Pretty Simple had potential access to state-backed incubator funds and interest-free loans from Oseo, which channels state funding for small businesses.
Pretty Simple ended up raising a total of €2.8m from a private gaming investor. But the company benefited from discounted rent in its municipally owned offices and took advantage of a special créateur d’entreprise status, which allowed the founders to claim unemployment benefit. “It’s a very good thing,” says Mr Raux. “You are able to work full time on creating a new company without spending too much on salaries.
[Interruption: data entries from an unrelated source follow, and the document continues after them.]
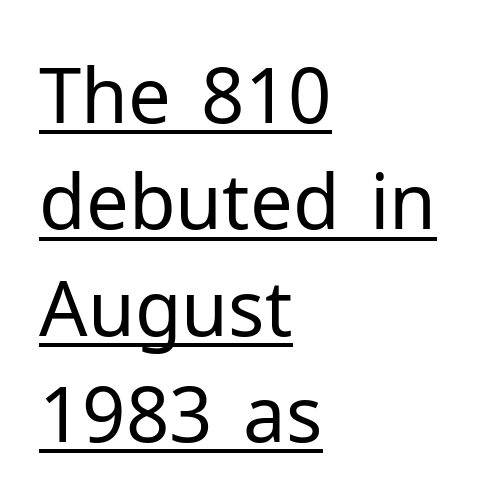
The rendering shows plain stroke endings on the letterforms — a sans-serif design. The typesetter has applied underlining to the passage shown. This sample has the flowing, uneven cadence of proportional lettering. Posture: vertical.
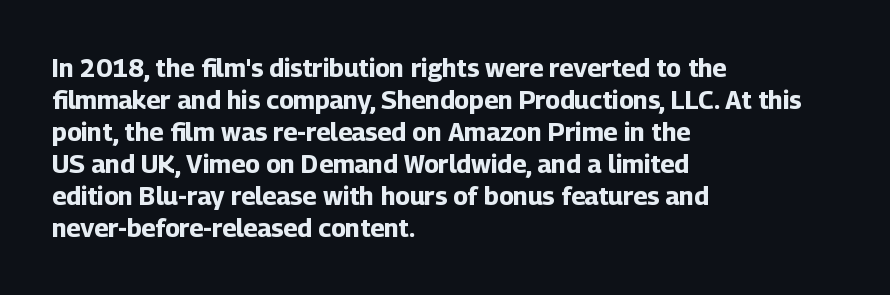
The image shows 25 px bold type, upright; set left-aligned, normal line spacing (1.28x), normal letter spacing, not underlined.
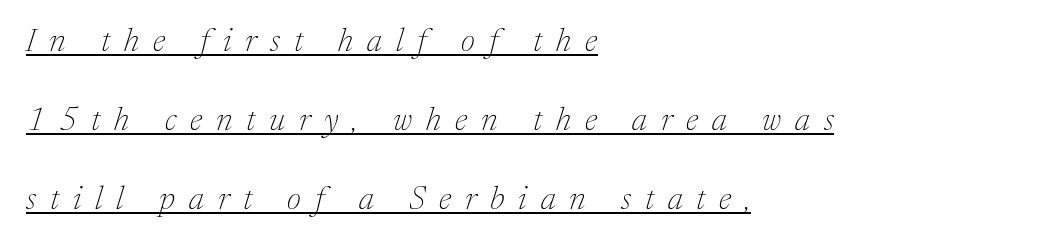
The image shows 33 px thin serif type, italic (leaning right); set left-aligned, loose line spacing (2.4x), unusually wide letter spacing (+0.42 em), underlined; medium stroke contrast and a medium x-height.

For 15 months we cost the company nothing.”
François Tison, of investment fund 360 Capital Partners, says France “has a pretty good ecosystem” with a strong base of tech skills, a “decent” financing infrastructure and good state incentives. His frustration is more over France’s negative image than actual impediments.
Addressing a meeting of investors and companies in Paris held by Bootcamp Ventures, he says: “Today, young kids are going to Barcelona, to London or Berlin. Other places have made people dream. That is something that Paris is missing.”